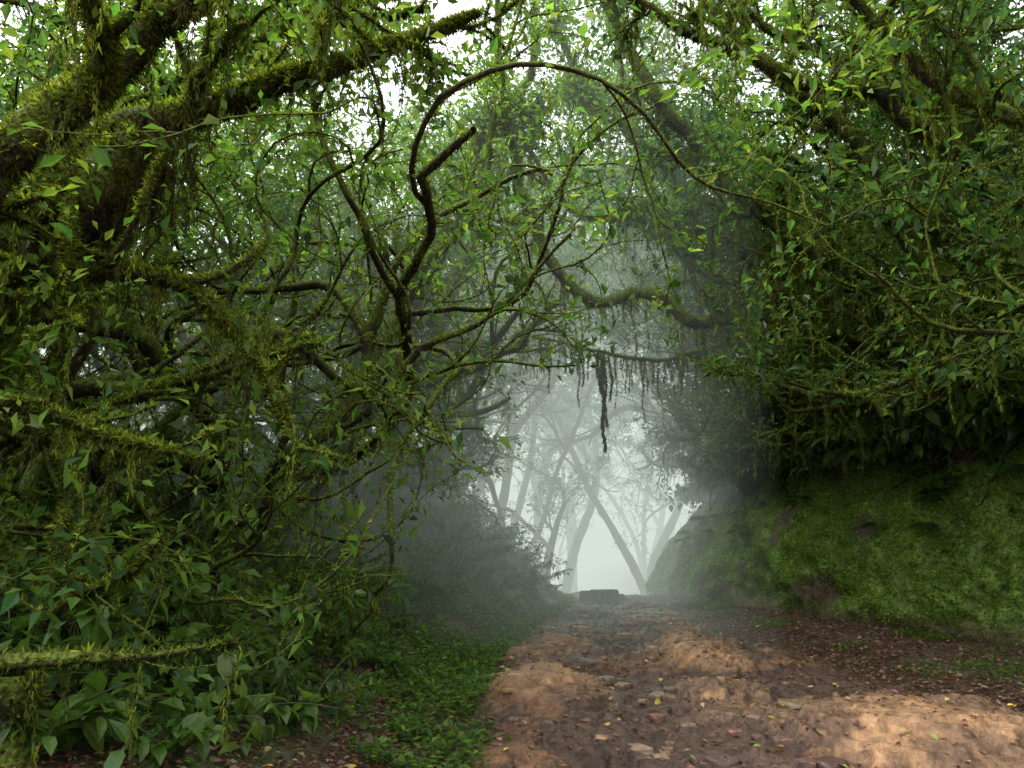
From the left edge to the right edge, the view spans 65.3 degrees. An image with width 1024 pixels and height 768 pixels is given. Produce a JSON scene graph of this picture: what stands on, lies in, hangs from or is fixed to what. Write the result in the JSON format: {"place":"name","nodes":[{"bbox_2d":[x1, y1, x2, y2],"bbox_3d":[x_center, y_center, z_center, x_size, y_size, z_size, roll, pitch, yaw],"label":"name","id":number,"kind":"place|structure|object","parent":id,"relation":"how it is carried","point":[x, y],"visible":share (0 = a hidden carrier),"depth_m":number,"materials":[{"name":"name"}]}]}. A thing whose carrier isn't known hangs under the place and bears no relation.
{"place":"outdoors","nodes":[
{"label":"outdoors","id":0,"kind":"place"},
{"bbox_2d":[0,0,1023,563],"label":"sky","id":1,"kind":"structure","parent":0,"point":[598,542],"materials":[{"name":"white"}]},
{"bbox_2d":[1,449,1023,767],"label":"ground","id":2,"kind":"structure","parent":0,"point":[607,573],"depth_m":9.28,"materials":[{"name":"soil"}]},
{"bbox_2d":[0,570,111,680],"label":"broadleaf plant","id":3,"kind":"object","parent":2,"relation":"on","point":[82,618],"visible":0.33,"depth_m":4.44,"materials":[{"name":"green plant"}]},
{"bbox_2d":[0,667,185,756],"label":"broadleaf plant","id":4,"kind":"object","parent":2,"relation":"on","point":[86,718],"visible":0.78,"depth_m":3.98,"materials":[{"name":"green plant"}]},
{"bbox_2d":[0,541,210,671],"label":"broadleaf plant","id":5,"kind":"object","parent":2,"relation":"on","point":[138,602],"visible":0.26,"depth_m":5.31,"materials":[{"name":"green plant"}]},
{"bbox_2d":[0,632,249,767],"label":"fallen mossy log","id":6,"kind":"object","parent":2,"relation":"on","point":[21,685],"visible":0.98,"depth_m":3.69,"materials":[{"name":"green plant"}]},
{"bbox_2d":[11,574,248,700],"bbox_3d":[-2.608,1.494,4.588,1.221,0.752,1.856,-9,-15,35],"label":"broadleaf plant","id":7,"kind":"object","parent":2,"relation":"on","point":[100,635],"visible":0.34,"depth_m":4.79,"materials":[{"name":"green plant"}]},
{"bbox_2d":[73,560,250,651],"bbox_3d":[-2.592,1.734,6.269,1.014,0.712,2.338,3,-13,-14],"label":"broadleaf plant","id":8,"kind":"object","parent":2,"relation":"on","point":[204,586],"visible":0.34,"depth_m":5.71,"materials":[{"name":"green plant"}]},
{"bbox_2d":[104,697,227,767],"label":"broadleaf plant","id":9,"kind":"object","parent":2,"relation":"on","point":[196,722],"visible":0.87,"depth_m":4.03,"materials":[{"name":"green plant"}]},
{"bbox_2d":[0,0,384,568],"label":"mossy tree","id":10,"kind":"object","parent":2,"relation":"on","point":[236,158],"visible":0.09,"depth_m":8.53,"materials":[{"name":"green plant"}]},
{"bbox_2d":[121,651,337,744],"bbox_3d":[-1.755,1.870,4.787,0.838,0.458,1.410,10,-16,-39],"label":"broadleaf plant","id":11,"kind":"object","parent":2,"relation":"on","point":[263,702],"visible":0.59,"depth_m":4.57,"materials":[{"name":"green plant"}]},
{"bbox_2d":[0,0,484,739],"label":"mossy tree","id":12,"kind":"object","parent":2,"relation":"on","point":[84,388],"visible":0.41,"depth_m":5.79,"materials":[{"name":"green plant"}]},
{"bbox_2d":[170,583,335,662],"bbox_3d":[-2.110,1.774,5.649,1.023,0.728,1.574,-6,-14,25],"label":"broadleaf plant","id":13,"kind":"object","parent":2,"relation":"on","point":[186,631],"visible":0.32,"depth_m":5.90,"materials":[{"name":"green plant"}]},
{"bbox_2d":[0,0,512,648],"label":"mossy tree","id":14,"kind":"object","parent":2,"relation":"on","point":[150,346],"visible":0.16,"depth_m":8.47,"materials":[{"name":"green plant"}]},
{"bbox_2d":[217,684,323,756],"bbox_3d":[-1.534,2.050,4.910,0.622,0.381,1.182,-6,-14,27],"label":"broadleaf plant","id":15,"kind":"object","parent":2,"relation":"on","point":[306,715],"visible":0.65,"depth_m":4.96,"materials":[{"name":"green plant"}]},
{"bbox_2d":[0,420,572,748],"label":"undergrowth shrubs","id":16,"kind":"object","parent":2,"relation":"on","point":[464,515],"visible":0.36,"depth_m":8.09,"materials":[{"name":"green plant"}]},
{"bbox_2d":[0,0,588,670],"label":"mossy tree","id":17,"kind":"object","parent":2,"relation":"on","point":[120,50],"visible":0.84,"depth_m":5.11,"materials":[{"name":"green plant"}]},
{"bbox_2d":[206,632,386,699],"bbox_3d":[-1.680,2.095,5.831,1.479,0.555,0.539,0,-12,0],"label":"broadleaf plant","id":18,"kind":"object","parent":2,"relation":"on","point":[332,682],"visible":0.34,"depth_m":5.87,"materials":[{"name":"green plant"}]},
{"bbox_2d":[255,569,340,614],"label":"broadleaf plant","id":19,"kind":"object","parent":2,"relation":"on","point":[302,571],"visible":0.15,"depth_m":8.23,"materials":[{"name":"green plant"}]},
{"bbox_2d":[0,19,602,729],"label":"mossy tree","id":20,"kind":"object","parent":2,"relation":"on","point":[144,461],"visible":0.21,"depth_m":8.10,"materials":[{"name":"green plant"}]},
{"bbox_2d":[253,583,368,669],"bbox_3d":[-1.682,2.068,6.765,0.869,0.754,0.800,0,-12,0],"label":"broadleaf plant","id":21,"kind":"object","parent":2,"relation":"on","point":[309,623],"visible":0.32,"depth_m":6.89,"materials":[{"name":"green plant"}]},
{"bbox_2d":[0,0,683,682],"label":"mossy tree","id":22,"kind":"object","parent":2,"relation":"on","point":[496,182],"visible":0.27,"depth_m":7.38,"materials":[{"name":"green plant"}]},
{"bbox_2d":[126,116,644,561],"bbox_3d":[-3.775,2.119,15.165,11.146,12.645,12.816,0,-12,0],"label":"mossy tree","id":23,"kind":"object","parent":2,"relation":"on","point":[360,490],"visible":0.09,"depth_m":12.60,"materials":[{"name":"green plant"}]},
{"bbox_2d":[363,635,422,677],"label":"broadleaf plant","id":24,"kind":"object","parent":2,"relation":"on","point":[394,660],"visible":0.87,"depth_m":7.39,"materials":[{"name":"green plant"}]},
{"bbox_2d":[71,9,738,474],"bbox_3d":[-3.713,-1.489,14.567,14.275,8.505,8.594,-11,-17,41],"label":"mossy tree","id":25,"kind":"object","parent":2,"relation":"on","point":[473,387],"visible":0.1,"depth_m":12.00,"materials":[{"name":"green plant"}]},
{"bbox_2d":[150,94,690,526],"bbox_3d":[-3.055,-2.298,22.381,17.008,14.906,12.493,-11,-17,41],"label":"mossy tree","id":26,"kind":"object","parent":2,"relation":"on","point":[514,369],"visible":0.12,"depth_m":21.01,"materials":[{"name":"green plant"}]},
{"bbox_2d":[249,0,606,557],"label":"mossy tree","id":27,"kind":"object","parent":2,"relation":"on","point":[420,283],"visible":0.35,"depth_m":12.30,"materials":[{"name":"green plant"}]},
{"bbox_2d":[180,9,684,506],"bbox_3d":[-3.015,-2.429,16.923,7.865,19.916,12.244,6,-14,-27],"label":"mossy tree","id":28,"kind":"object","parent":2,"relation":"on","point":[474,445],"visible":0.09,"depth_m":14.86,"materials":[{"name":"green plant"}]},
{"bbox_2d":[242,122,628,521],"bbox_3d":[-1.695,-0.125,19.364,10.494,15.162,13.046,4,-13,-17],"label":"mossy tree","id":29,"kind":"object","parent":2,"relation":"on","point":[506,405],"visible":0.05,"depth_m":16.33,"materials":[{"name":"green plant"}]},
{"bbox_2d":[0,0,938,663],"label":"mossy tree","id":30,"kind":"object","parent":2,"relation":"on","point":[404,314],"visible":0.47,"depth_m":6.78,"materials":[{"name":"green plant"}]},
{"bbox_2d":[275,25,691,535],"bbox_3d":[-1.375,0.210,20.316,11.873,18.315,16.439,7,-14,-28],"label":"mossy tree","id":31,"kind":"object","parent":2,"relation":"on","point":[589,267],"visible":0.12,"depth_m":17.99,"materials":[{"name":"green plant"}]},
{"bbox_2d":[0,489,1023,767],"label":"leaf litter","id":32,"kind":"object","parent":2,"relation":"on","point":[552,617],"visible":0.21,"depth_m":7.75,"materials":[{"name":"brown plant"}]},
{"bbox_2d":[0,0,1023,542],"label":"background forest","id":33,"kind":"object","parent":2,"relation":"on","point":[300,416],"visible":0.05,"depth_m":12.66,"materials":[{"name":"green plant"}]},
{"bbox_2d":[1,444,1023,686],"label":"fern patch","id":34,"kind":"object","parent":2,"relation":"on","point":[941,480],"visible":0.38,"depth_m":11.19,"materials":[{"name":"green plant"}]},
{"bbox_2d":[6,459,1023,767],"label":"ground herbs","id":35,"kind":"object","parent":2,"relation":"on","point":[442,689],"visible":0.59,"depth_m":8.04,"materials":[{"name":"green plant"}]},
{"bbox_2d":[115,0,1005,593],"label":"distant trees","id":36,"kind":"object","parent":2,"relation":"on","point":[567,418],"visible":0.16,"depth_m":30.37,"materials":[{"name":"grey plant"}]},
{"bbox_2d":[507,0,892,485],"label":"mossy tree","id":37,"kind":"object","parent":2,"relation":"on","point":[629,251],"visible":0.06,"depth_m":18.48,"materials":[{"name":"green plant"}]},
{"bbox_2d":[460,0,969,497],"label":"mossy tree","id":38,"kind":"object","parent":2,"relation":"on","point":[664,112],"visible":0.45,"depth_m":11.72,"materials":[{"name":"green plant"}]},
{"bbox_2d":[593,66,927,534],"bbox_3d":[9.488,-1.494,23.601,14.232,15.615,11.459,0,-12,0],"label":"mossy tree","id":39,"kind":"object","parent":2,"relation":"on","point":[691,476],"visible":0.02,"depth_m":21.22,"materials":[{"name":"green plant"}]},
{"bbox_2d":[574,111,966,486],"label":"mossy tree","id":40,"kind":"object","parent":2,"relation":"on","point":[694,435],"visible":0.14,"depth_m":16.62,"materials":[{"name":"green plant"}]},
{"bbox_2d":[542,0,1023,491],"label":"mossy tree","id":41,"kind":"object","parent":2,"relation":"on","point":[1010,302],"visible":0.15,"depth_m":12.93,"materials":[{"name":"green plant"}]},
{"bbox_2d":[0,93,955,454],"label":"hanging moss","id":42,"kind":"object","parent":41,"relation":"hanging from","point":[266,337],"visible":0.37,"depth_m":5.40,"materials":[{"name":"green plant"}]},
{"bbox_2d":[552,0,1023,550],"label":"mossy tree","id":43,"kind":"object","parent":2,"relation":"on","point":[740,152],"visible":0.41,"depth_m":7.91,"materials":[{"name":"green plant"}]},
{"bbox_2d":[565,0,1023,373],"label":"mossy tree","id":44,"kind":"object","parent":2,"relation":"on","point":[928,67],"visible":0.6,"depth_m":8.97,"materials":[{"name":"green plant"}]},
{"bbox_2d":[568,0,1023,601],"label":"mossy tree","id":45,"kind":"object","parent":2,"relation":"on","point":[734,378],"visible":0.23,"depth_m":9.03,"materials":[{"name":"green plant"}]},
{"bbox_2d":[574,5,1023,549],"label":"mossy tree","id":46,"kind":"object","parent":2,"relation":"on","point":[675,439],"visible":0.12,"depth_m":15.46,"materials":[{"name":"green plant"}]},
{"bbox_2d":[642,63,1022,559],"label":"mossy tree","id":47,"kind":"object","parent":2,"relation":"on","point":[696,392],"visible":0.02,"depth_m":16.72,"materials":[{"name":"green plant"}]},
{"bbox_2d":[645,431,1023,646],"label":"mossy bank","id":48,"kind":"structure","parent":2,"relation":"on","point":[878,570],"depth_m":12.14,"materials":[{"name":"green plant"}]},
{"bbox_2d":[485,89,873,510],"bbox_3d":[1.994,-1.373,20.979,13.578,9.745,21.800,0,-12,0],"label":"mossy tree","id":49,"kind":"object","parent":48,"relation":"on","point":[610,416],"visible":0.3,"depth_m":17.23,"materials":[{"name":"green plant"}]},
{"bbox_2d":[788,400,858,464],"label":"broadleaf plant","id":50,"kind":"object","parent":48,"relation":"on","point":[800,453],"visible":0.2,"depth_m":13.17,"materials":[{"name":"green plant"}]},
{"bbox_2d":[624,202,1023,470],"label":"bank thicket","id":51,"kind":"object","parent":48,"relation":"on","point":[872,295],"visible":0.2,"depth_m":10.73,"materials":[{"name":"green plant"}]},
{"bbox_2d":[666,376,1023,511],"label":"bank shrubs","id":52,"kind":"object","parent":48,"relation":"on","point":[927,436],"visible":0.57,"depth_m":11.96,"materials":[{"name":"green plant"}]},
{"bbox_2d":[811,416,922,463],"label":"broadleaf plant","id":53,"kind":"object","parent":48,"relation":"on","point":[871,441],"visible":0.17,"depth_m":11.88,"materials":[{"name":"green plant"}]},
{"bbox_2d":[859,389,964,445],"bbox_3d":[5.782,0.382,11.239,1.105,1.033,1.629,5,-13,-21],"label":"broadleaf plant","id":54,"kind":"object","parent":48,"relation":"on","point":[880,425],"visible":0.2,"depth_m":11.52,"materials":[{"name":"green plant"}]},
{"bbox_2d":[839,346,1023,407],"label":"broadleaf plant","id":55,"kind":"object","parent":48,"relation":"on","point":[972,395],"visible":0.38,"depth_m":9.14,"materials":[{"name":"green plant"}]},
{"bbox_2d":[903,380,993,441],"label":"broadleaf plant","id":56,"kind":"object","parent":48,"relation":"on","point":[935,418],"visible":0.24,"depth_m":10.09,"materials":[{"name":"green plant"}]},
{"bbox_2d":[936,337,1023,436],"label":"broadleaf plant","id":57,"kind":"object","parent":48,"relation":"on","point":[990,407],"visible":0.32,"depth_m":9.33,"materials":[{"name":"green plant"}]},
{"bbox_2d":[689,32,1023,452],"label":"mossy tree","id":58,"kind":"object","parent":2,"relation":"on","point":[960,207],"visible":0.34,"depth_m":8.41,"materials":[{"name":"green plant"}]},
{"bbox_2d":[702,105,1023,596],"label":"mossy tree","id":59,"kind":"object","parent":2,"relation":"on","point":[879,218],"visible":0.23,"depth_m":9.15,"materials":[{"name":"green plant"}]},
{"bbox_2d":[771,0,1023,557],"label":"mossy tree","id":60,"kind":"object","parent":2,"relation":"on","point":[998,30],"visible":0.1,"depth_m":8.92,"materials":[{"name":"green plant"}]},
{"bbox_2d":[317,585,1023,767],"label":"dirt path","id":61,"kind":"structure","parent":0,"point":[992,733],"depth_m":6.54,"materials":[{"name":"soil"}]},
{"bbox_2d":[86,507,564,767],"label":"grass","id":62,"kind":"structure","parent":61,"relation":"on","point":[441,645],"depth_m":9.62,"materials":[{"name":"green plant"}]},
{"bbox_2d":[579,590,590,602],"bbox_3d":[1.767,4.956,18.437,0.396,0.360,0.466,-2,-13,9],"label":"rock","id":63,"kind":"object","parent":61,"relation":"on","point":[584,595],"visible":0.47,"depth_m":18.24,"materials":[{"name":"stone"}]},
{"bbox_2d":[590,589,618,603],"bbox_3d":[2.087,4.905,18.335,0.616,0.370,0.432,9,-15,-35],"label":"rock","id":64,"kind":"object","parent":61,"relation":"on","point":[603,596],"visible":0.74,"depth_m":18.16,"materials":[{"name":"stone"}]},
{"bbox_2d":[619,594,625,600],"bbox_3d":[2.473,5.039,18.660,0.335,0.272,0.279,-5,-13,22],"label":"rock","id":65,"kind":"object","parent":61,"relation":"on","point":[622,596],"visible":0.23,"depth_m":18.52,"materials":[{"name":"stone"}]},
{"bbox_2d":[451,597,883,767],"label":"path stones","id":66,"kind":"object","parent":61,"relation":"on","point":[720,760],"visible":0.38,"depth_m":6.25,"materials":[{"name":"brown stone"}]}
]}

########################################

→ ASSIGNMENT: State the number of lines in the records that contain the string "soil". Nothing else is needed.

→ ANSWER: 2